You should be able to run that from the folder it is in, I believe, but moving it to the root should also work.
It was tensorflow>2.0, newer ones should work though as well.
CUDA version is 11.8, the model currently doesn't run on my local machine, so I can try taking a look later on our ML machine.
@jacobbieker Thank you for your help. I advanced forward a bit.
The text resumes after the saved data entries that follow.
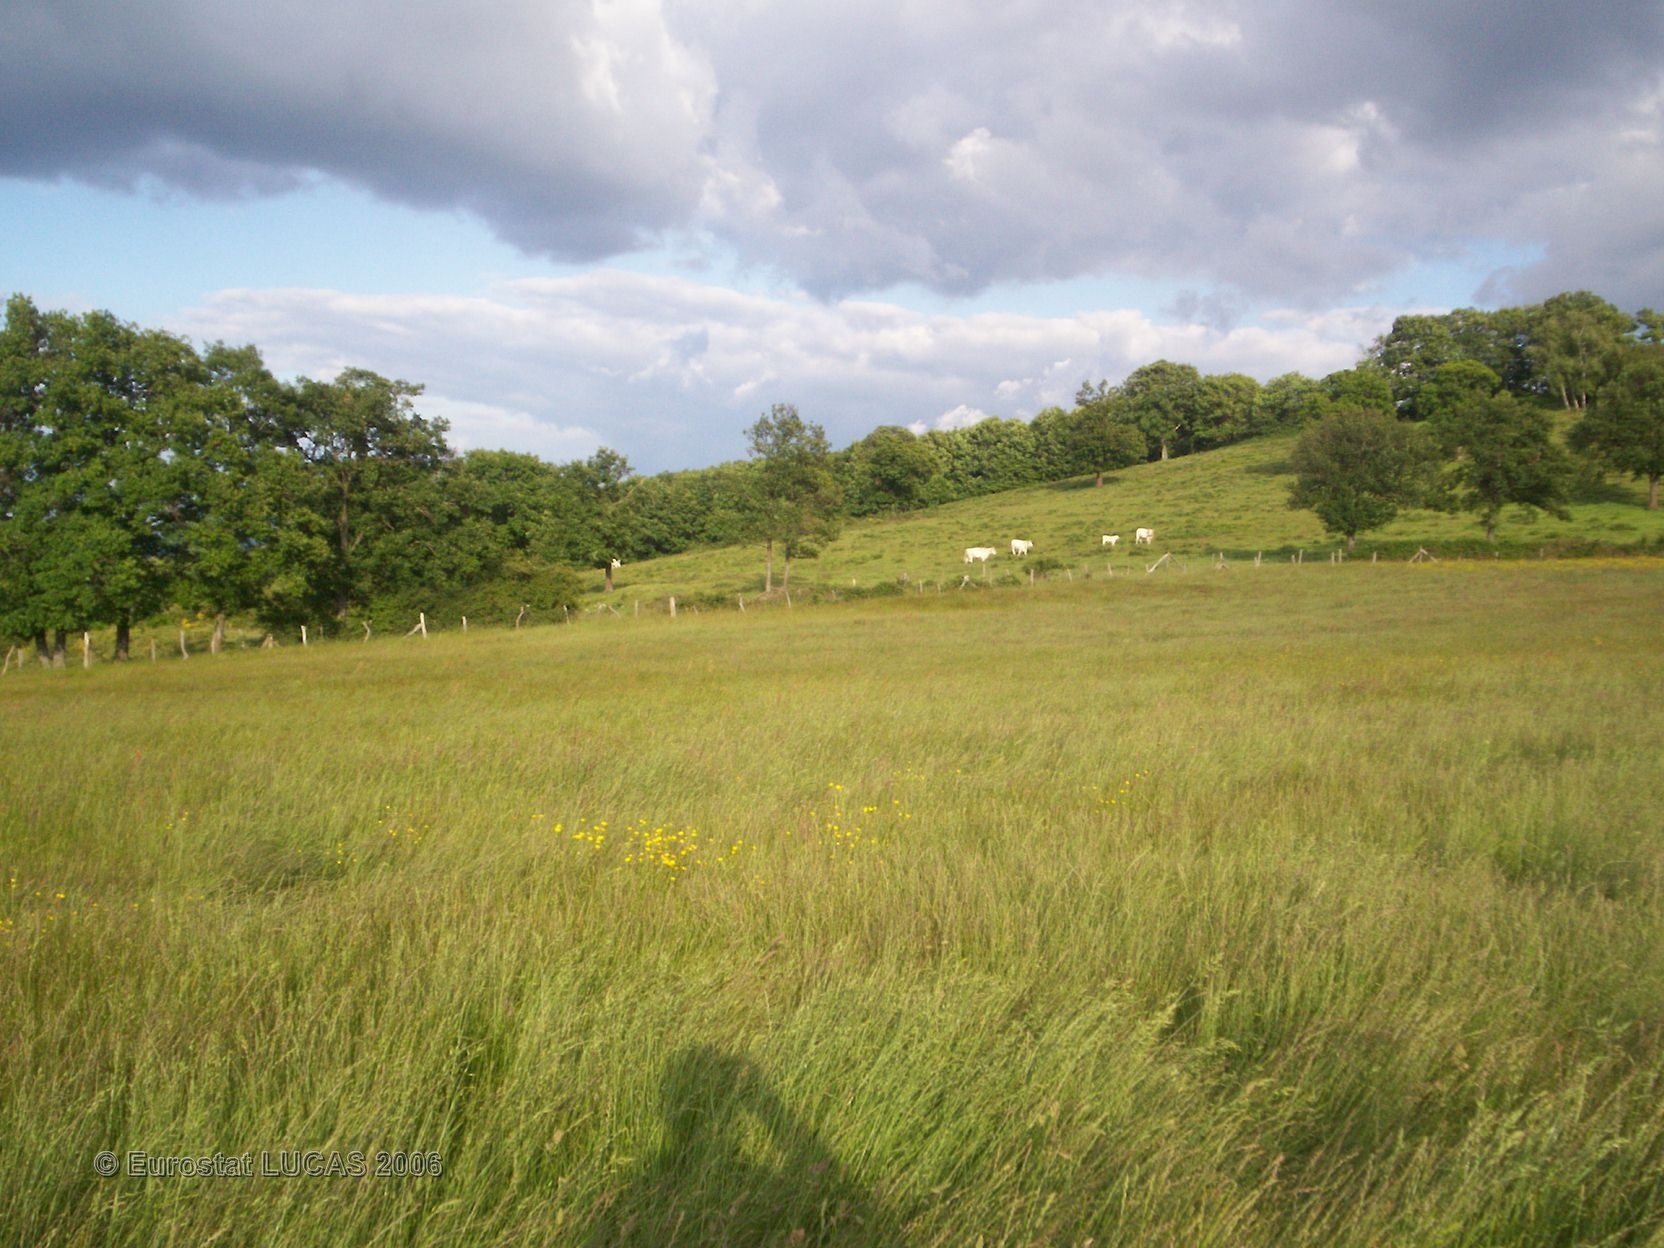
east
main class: Grassland
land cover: Grassland without tree/shrub cover
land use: Agriculture (excluding fallow land and kitchen gardens)
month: June
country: FR
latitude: 46.0958
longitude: 3.1564

Your updates did make the code runnable. I obtained server with GPU that has 40 GB VRAM and it allowed to run the test_train_dgmr
.
For the train/run.py
I had to do this change (changing num_workers
from 6 to 0) to the trainer and validator dataloaders in order to overcome CUDA error: unspecified launch failure
:
dataloader = DataLoader(TFDataset(split="train"), batch_size=1, num_workers=0)
I set batch_size=1
for both dataloaders, while trying to overcome this error, but I did not succeed:
File "/home/arutkovskii_umass_edu/.conda/envs/dgmr-venv/lib/python3.9/site-packages/torch/nn/modules/conv.py", line 456, in _conv_forward
return F.conv2d(input, weight, bias, self.stride,
torch.cuda.OutOfMemoryError: CUDA out of memory. Tried to allocate 20.00 MiB. GPU 0 has a total capacty of 39.39 GiB of which 12.06 MiB is free. Including non-PyTorch memory, this process has 39.38 GiB memory in use. Of the allocated memory 1.73 GiB is allocated by PyTorch, and 113.93 MiB is reserved by PyTorch but unallocated. If reserved but unallocated memory is large try setting max_split_size_mb to avoid fragmentation. See documentation for Memory Management and PYTORCH_CUDA_ALLOC_CONF
I think I might get it solved by getting server with larger VRAM (80GB instead of 40GB). Coming from that, I have 2 questions:
Thanks!
Following your advice, I managed to secure a server with a GPU boasting 80 GB of VRAM, but unfortunately, the error persists. My trials continue but it seems like VRAM size alone might not be the root of the problem. Any further insights would be greatly appreciated!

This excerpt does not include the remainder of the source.